Photo: Creative Commons, Thomas Fischer Rare Book Library

University of Ottawa physics professor Paul Corkum has had a hectic week. After delivering a speech in Halifax, he flew to Montreal to receive an honorary degree from Sherbrooke University. He then went home to Ottawa before flying to Brussels later that day.

Oh, and he found out that he might win a Nobel Prize in two weeks.

Corkum is among 18 scientists from around the world chosen by Thomson Reuters as possible Nobel Prize winners.. Independent of the discussions of the Swedish and Norwegian committees who award Nobel Prizes, the predictions are based mainly on citations of published scientific literature.
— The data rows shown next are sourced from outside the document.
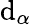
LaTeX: \mathrm{d}_{\alpha}
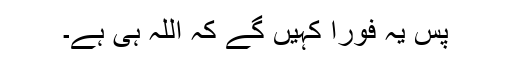
پس یہ فورًا کہیں گے کہ اللہ ہی ہے۔
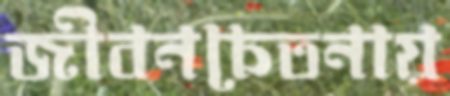
জীবনচেতনায়
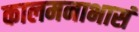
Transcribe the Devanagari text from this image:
कालमनाभासं
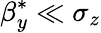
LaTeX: \beta_{y}^{*}\ll\sigma_{z}
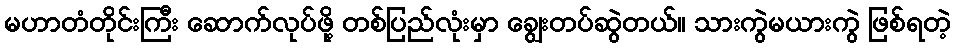
မဟာတံတိုင်းကြီး ဆောက်လုပ်ဖို့ တစ်ပြည်လုံးမှာ ချွေးတပ်ဆွဲတယ်။ သားကွဲမယားကွဲ ဖြစ်ရတဲ့
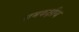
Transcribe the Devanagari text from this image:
समकक्षीय
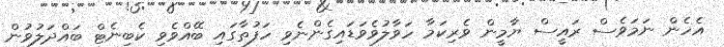
އެހެން ނަމަވެސް ރައީސް ޔާމީން ވެރިކަމާ ހަވާލުވެވަޑައިގެންނެވި ހަފުތާގައި ބޭއްވެވި ކެބިނެޓް ބައްދަލުވުން
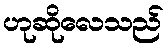
ဟုဆိုလေသည်
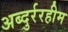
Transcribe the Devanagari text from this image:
अब्दुर्ररहीम
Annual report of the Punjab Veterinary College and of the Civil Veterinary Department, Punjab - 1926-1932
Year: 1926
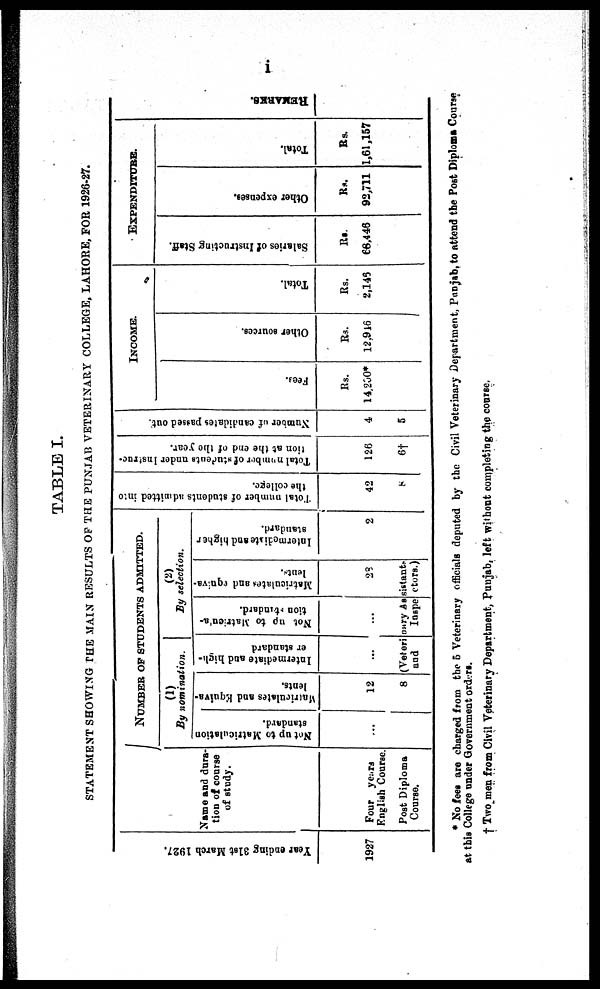
i
TABLE I.
STATEMENT SHOWING THE MAIN RESULTS OF THE PUNJAB VETERINARY COLLEGE, LAHORE, FOR 1926-27.
Year e n d i n g 31st Ma r
c h 1927.
1927
Name and dura-
tion of course
of study.
Four years
English Course.
Post Diploma
Course.
NUMBER OF STUDENTS ADMITTED.
(1)
By nomination.
Not up to Matriculation
standard.
...
Matriculates
and Equiva-
lents.
12
8
Intermediate and high-
er standard
...
(2)
By selection.
Not up to Matricula-
tion standard.
...
Matriculates
and equiva-
lents
28
(Veterinary Assistant-
and
Inspectors.)
Intermediate
and higher
standard.
2
Total number of students admitted into
the college.
42
8
Total number
of students
under In
tion at the end of the year.
126
6†
Number of candidates passed out.
4
5
INCOME.
Fees.
Rs.
14,200*
Ot her sources.
Rs.
12,946
Tot al .
Rs.
2,146
EXPENDITURE.
Salaries of Instructing Staff.
Rs.
68,446
Ot her expens es .
Rs.
92,711
Tot al .
Rs.
1,61,157
REMARKS .
* No fees are charged from the 5 Veterinary officials deputed by the Civil Veterinary Department, Punjab, to attend the Post Diploma Course
at this College under Government orders.
† Two men from Civil Veterinary Department, Punjab, left without completing the course.
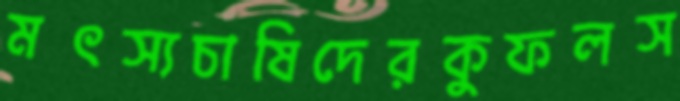
মৎস্যচাষিদেরকুফলস
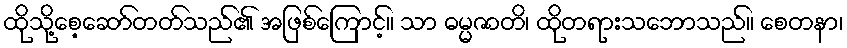
ထိုသို့စေ့ဆော်တတ်သည်၏ အဖြစ်ကြောင့်။ သာ ဓမ္မဇာတိ၊ ထိုတရားသဘောသည်။ စေတနာ၊
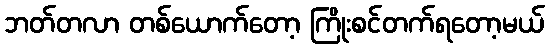
ဘတ်တလာ တစ်ယောက်တော့ ကြိုးစင်တက်ရတော့မယ်
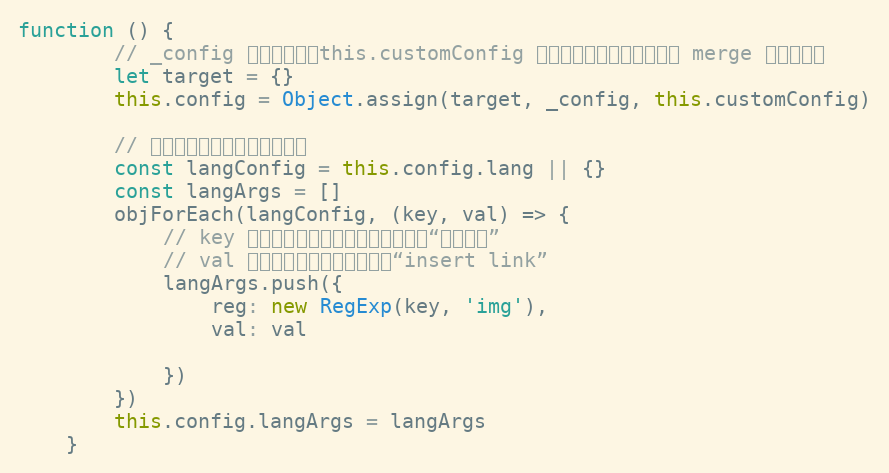
Language: JavaScript
function () {
        // _config 是默认配置，this.customConfig 是用户自定义配置，将它们 merge 之后再赋值
        let target = {}
        this.config = Object.assign(target, _config, this.customConfig)

        // 将语言配置，生成正则表达式
        const langConfig = this.config.lang || {}
        const langArgs = []
        objForEach(langConfig, (key, val) => {
            // key 即需要生成正则表达式的规则，如“插入链接”
            // val 即需要被替换成的语言，如“insert link”
            langArgs.push({
                reg: new RegExp(key, 'img'),
                val: val

            })
        })
        this.config.langArgs = langArgs
    }
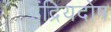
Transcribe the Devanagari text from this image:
इंद्रियदोष
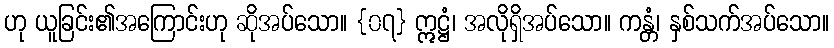
ဟု ယူခြင်း၏အကြောင်းဟု ဆိုအပ်သော။ {၀၇} ဣဋ္ဌံ၊ အလိုရှိအပ်သော။ ကန္တံ၊ နှစ်သက်အပ်သော။
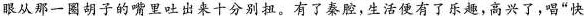
眼从那一圈胡子的嘴里吐出来十分别扭。有了秦腔,生活便有了乐趣,高兴了，唱“快
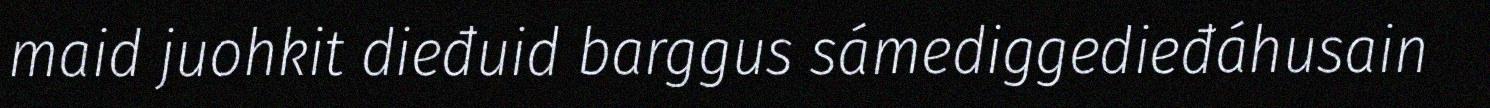
maid juohkit dieđuid barggus sámediggedieđáhusain
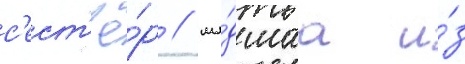
с'ест'ё́р / мла́дшаа и́з

Thomson Reuters has predicted 37 Nobel winners since it’s inception in 2002.

“I was in Halifax to give a public lecture, and it was announced so people there were very pleased. Well it was good advertisement for the public lecture wasn’t it?” said Corkum with a laugh.

Corkum, who worked alongside Ferenc Krausz of the Max Planck Institute in Garching, Germany, is being recognized for his work in developing attosecond flashes—flashes of light that last one millionth of one millionth of one millionth of a second, explained Corkum.
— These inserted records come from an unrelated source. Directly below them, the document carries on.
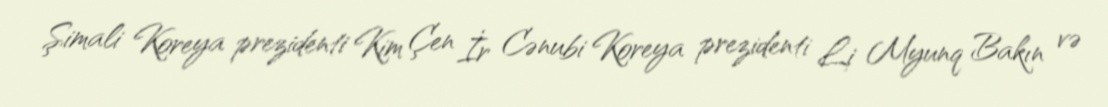
Şimali Koreya prezidenti Kim Çen İr Cənubi Koreya prezidenti Li Myunq Bakın və
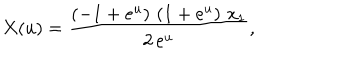
X ( u ) = { \frac { \left( - 1 + { e ^ { u } } \right) \, \left( 1 + { e ^ { u } } \right) \, { x _ { 1 } } } { 2 \, { e ^ { u } } } } ,
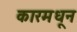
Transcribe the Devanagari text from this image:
कारमधून
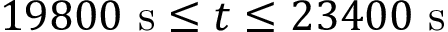
1 9 8 0 0 \ \mathrm { s } \leq t \leq 2 3 4 0 0 \ \mathrm { s }
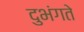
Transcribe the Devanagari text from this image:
दुभंगते
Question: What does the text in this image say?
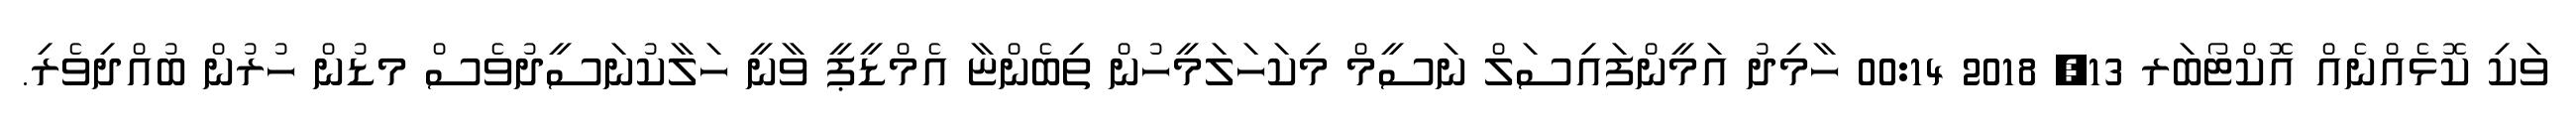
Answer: ވަކި ކޮޅެއްނެއް އޮކްޓޯބަރ 13, 2018 00:14 ހާމިދު އަމީންފައިސަލް ނަސީމް މިކަހަލަމީހުން ތިބެންޏާ އެމްޑީޕީ ވާނީ ހަލާކުނަސީދުވެސް މޑުން ހުރުން ބުއްދިވެރި.
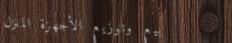
بيع وتوزيع الأجهزة المنزل
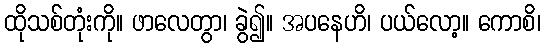
ထိုသစ်တုံးကို။ ဖာလေတွာ၊ ခွဲ၍။ အပနေဟိ၊ ပယ်လော့။ ကောစိ၊
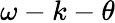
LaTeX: \omega-k-\theta
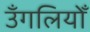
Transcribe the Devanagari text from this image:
उँगलियोँ
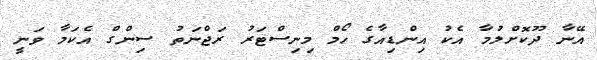
އޭނާ ދޫކޮށްލުމާ އެކު އިންޑިއާގެ ހޯމް މިނިސްޓަރު ރަޖްނަތު ސިންގް އެކަމާ ވަނީ
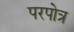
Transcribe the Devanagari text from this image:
परपोत्र
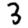
Digit: 3
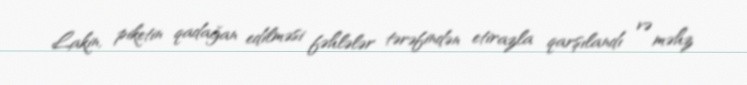
Lakin, piketin qadağan edilməsi fəhlələr tərəfindən etirazla qarşılandı və məhz
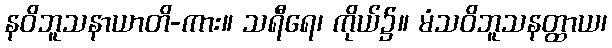
နဝိဘူသနာယာတိ-ကား။ သရီရေ၊ ကိုယ်၌။ မံသဝိဘူသနတ္ထာယ၊
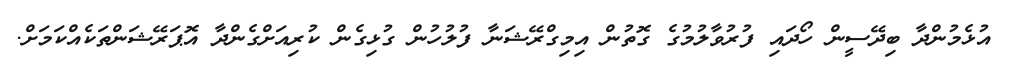
އުޅެމުންދާ ބިދޭސީން ހޯދައި ފުރުވާލުމުގެ ގޮތުން އިމިގްރޭޝަނާ ފުލުހުން ގުޅިގެން ކުރިއަށްގެންދާ އޮޕަރޭޝަންތަކެއްކަމަށް.
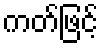
ကတ်ဖြင့်
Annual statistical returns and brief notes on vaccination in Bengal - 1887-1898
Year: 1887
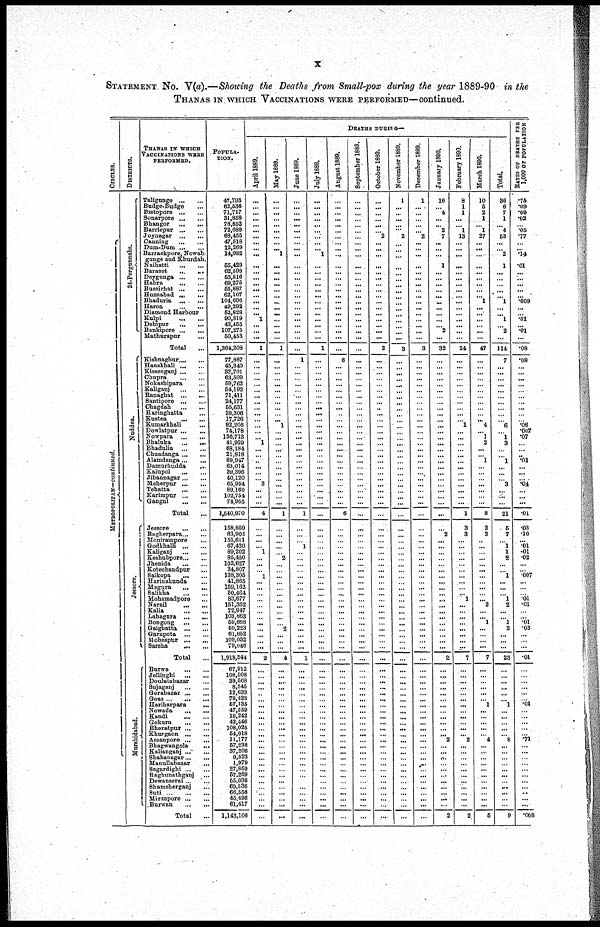
x
STATEMENT No. V(a).—Showing the Deaths from Small-pox during the year 1889-90 in the
THANAS IN WHICH VACCINATIONS WERE PERFORMED—continued.
CIRCLES.
MRTROPOLITAN—continued.
DISTRICTS.
24-Pergunnahs.
Nuddea.
J es s or e.
Murshidabad.
.
THANAS IN WHICH
VACCINATIONS WERE
PERFORMED.
Taligunge...
...
Budge-Budge... ...
Bistopore...
...
Sunarpore...
...
Bhangor...
...
Barriepur...
...
Joynagar...
...
Canning...
...
Dum-Dum...
...
Barrackpore, Nowab
gunge and Khurdah.
Naihatti...
...
Baraset...
...
Deygunga...
...
Habra...
...
Bussirhat...
...
Husnabad
Bhaduria...
...
Haroa...
...
Diamond Harbour
Kulpi...
...
Debipur...
...
Bankipore...
...
Mathurapur...
...
Total...
Kishnaghur...
...
Hanskhali...
...
Kissenganj...
...
Chupra...
...
Nokashipara... ...
Kaliganj... ...
Banaghat...
...
Santipore... ...
Chagdah...
...
Haringhatta... ...
Kustea...
...
Kumarkhali...
...
Dowlatpur... ...
Nowpara...
...
Bhaluka...
...
Bhadulia...
...
Chuadanga...
...
Alamdanga...
...
Damurhudda... ...
Kalupol...
...
Jibannagar...
...
Meherpur...
...
Tehatta... ...
Karimpur...
...
Gangni...
...
Total...
Jessore...
...
Bagberpara...
...
Monirampore... ...
Godkhalli...
...
Kaliganj...
...
Keshubpore...
...
Jhenida...
...
Kotechandpur... ...
Saikopa...
...
Harinakunda... ...
Magura...
...
Salikha...
...
Mohamadpore... ...
Narail...
...
Kalia...
...
Lahagura...
...
Bongong...
...
Gaighatta...
...
Garapota...
...
Mohespur...
...
Sarsha...
...
Total ... ...
Burwa...
...
Jellinghi...
...
Doulatabazar... ...
Sujaganj... ...
Gorabazar... ...
Goas...
...
Hariharpara... ...
Nowada...
...
Kandi...
...
Gokurn...
...
Bharatpur...
...
Khurgaon...
...
Assanpore...
...
Bhagwangola...
Kalianganj...
...
Shahanagar...
...
Manullabazar... ...
Sagardighi...
...
Raghunathganj... ...
Dewanserai... ...
Shamsherganj... ...
Suti... ...
Mirzapore...
...
Burwan...
...
Total... ...
POPULA-
TION.
47,793
62,536
71,717
31,868
78,852
72,088
68,455
47,518
12,269
14,082
55,429
62,598
53,516
69,275
55,887
62,107
104,606
49,292
52,828
90,319
43,455
107,275
50,453
1,364,208
77,887
45,340
32,701
63,509
59,762
54,192
71,411
24,177
55,631
38,306
17,726
92,206
74,178
136,713
41,929
68,184
21,818
89,947
63,014
39,396
40,120
65,954
89,160
102,754
74,955
1,540,970
158,859
63,902
155,611
67,420
89,202
85,450
102,627
34,807
138,305
41,865
159,162
60,464
88,677
151,362
72,947
103,863
59,668
50,223
61,052
109,032
79,046
1,918,544
67,912
108,508
39,568
8,345
12,633
78,423
57,135
47,559
18,242
42,446
108,025
54,018
11,177
57,238
37,206
9,523
1,979
27,859
57,269
55,036
69,536
66,556
45,496
61,417
1,143,106
DEATHS DURING—
April 1889.
...
...
...
...
...
...
...
...
...
...
...
...
...
...
...
...
...
...
... 1
...
...
...
1
...
...
...
...
...
...
...
...
...
...
... ...
...
... 1
...
...
...
...
...
... 3
...
...
...
4
...
...
...
... 1
...
...
... 1
...
...
... ...
... ...
...
...
...
... ...
...
2
...
...
... ...
...
...
... ...
...
...
... ...
...
...
...
...
...
...
...
... ...
...
... ...
...
May 1889.
...
...
...
...
...
...
...
...
... 1
...
...
...
...
...
...
...
...
...
...
...
...
...
1
...
...
...
...
...
...
...
...
...
...
... 1
...
...
...
...
...
...
...
...
...
...
...
...
...
1
...
...
...
...
... 2
...
...
...
...
...
... ...
... ...
...
... 2
...
...
...
4
...
...
... ...
...
...
... ...
...
...
...
...
...
... ...
...
... ...
...
... ...
...
...
...
...
June 1889.
...
...
...
...
...
...
...
...
...
...
...
...
...
...
...
...
...
...
...
...
...
...
...
...
1
...
...
...
...
...
...
...
...
...
... ...
...
...
...
...
...
...
...
...
...
...
...
... ...
1
...
...
... 1
...
...
...
...
...
...
... ...
...
... ...
...
... ...
... ...
...
1
...
...
... ...
...
...
... ...
...
...
...
...
...
... ...
...
...
...
...
... ...
... ...
...
...
July 1889.
...
...
...
...
...
...
...
...
1
...
...
...
...
...
...
...
...
...
...
...
...
...
1
...
...
...
...
...
...
...
...
...
...
... ...
...
...
...
...
...
...
...
...
...
...
...
...
...
...
...
...
...
...
...
...
...
...
...
...
...
... ...
... ...
...
...
...
...
...
...
...
...
...
... ... ...
...
... ...
...
...
...
...
...
...
...
...
...
...
...
...
... ...
... ...
...
August 1889.
...
...
...
...
...
...
...
...
...
...
...
...
...
...
...
...
...
...
...
...
...
...
...
...
6
...
...
...
...
...
...
...
...
...
... ...
...
...
...
...
...
...
...
...
...
...
...
...
...
6
...
...
...
... ...
...
...
...
...
...
... ...
...
... ...
...
... ...
... ...
...
...
...
...
... ...
...
...
... ...
...
...
... ...
...
...
...
...
...
...
...
... ...
...
...
...
...
September 1889.
...
...
...
...
...
...
...
...
...
...
...
...
...
...
...
...
...
...
...
...
...
...
...
...
...
...
...
...
...
...
...
...
...
...
... ...
...
...
...
...
...
...
...
...
...
...
...
...
...
...
...
...
...
...
...
...
... ...
...
... ...
...
...
...
... ...
...
...
... ...
...
...
...
...
...
...
...
...
... ...
...
...
...
...
...
...
...
...
...
...
...
... ...
...
...
...
...
October 1889.
...
...
...
...
... ... 2
...
...
...
...
...
...
...
...
...
...
...
...
...
...
...
...
2
...
...
...
...
...
...
...
...
...
...
... ...
...
...
...
...
...
...
...
...
...
...
...
...
...
...
...
...
...
... ...
...
...
...
...
... ...
...
... ...
... ...
...
... ...
...
...
...
...
...
... ...
...
...
... ...
...
...
...
...
...
...
...
...
...
...
...
... ...
...
... ...
...
November 1889.
1
...
...
...
...
... 2
...
...
...
...
...
...
...
...
...
...
...
...
...
...
...
...
3
...
...
...
...
...
...
...
...
...
...
... ...
...
...
...
...
...
...
...
...
...
...
...
...
...
...
...
...
...
...
...
...
...
...
...
...
...
...
...
... ...
...
...
...
...
...
...
...
...
...
... ...
...
...
... ...
...
... ...
...
...
... ...
... ...
...
...
... ...
...
... ...
...
December 1889.
1
...
...
...
...
... 2
...
...
...
...
...
...
...
...
...
...
...
...
...
...
...
...
3
...
...
...
...
...
...
...
...
...
...
... ...
...
...
...
...
...
...
...
... ...
...
...
...
...
...
...
...
...
... ...
...
...
...
...
... ...
...
...
...
... ...
... ...
... ...
...
...
...
...
... ...
...
...
... ...
...
...
...
...
...
...
...
...
...
...
...
... ...
...
... ...
...
January 1890.
16
... 4
...
... 2
7
...
...
...
1
...
...
...
...
...
...
...
...
...
... 2
...
32
...
...
...
...
...
...
...
...
...
...
... ...
...
...
...
...
...
...
...
...
...
...
...
...
...
...
...
2
...
...
...
...
...
...
...
...
... ...
...
... ... ...
... ...
... ...
...
2
...
...
... ...
...
...
... ...
...
...
...
... 2
...
...
...
...
...
...
... ...
...
... ...
2
February 1890.
8
1
1
...
... 1
13
...
...
...
...
...
...
...
...
...
...
...
...
...
...
...
...
24
...
...
...
...
...
...
...
...
...
...
... 1
...
...
...
...
...
...
...
...
...
...
...
...
...
1
3
3
...
...
...
...
...
...
...
...
... ... 1
...
... ...
...
... ...
...
...
7
...
...
... ...
...
...
... ...
...
...
...
... 2
...
...
...
...
...
...
... ...
...
...
...
2
March 1890.
10
6
2
1
... 1
27
...
...
...
...
...
...
...
...
... 1
...
...
...
...
...
...
47
...
...
...
...
...
...
...
...
...
...
... 4
... 1
2
...
... 1
...
...
...
...
...
...
...
8
2
2
...
...
...
...
... ...
...
... ...
... ... 2
...
... 1
...
...
...
...
7
...
...
...
...
...
... 1
...
...
...
...
... 4
...
...
...
...
...
...
... ...
...
...
...
6
Total.
36
6
7
1
... 4
53
...
... 2
1
...
...
...
...
... 1
...
... 1
... 2
...
114
7
...
...
...
...
...
...
...
...
...
... ...
... 1
3
...
... 1
...
...
... 3
...
...
...
21
5
7
1
... 1
2
...
... 1
... ...
... ... 2
...
... 1
2
... ...
...
23
...
...
... ...
...
... 1
...
...
... ...
... 8
...
...
...
...
...
...
... ...
...
...
...
9
RATIO OF DEATHS PER
1,000 OF POPULATION
.75
.09
.09
.02
... .05
.77
...
... .14
.01
...
...
...
...
... .009
...
...
.01
... .01
...
.08
.08
...
...
...
...
...
...
...
...
...
... .06
.007
.07
...
...
... .01
...
...
. .04
...
...
...
.01
.03
.10
... ...
.01
.02
...
... .007
... ...
... .01 .01
... ...
.01
.03
...
...
...
.01
...
... ...
... ...
... .01 ...
...
...
...
... .71
... ...
...
...
...
... ... ...
...
... ...
.008

“An attosecond is to a second, as a second is to the age of the universe,” he said.

The new technology is important in learning more about electrons, one of the fundamental building blocks of the universe, said Corkum.

He is also a member of the National Research Council of Canada, the primary national research and technology organization in the country, which recently shifted funding to more market-driven research.
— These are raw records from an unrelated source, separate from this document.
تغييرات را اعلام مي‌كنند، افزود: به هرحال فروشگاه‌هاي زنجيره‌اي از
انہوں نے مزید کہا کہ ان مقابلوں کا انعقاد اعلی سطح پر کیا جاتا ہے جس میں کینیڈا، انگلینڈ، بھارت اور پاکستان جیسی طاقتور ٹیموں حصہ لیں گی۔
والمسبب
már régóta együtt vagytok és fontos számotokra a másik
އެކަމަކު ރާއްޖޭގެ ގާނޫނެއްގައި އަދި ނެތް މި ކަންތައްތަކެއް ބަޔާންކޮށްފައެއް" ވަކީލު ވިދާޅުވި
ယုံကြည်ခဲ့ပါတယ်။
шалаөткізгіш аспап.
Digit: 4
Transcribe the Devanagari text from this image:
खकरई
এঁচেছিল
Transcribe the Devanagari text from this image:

“The National Research Council still supports work in this area of science, they would like to find applications that come out of it to a certain extent, but they still support the work,” said Corkum. While they haven’t yet found applications for attoseconds, the processes used to make attosecond pulses, “can be applied in other ways.”

If he were to win, Corkum would be the 24th Canadian to win a Nobel, the third to win in physics. The last Canadian to take home the prize was renowned writer Alice Munro, who won in 2013. The announcement comes at an interesting time in the Canadian scientific community, which has suffered numerous funding cuts at the federal level.

According to a 2013 report from the Public Service of Canada, 37 per cent of federal researchers said they had been directly stopped from sharing their expertise with the media or public within the last five years. Nearly one quarter of the scientists surveyed said they had been forced to modify their conclusions of their research for non-scientific reasons.

However, Corkum pointed to other Canadian scientists who have also been short-listed for the Nobel Prize in physics. “Isn’t it wonderful?” said Corkum “It’s a very select list and it tells you something about an underlying strength here.”

Another factor to consider is Canada’s highly educated population. A 2009 Statistics Canada report found that 50 per cent of Canadians aged 25 to 64 had some sort of post-secondary education—20 points above the average of reporting OECD countries in that year.

Future scientists need to find what’s interesting to only them, said Corkum. “What makes science great is that it builds on this big edifice that people have made over the centuries of science, and you edge your piece, and that piece helps make it to the next level,” he said.

The Nobel Prize in physics will be announced on Oct. 6 in Stockholm Sweden, by Göran K. Hansson, Permanent Secretary of the Royal Swedish Academy of Sciences.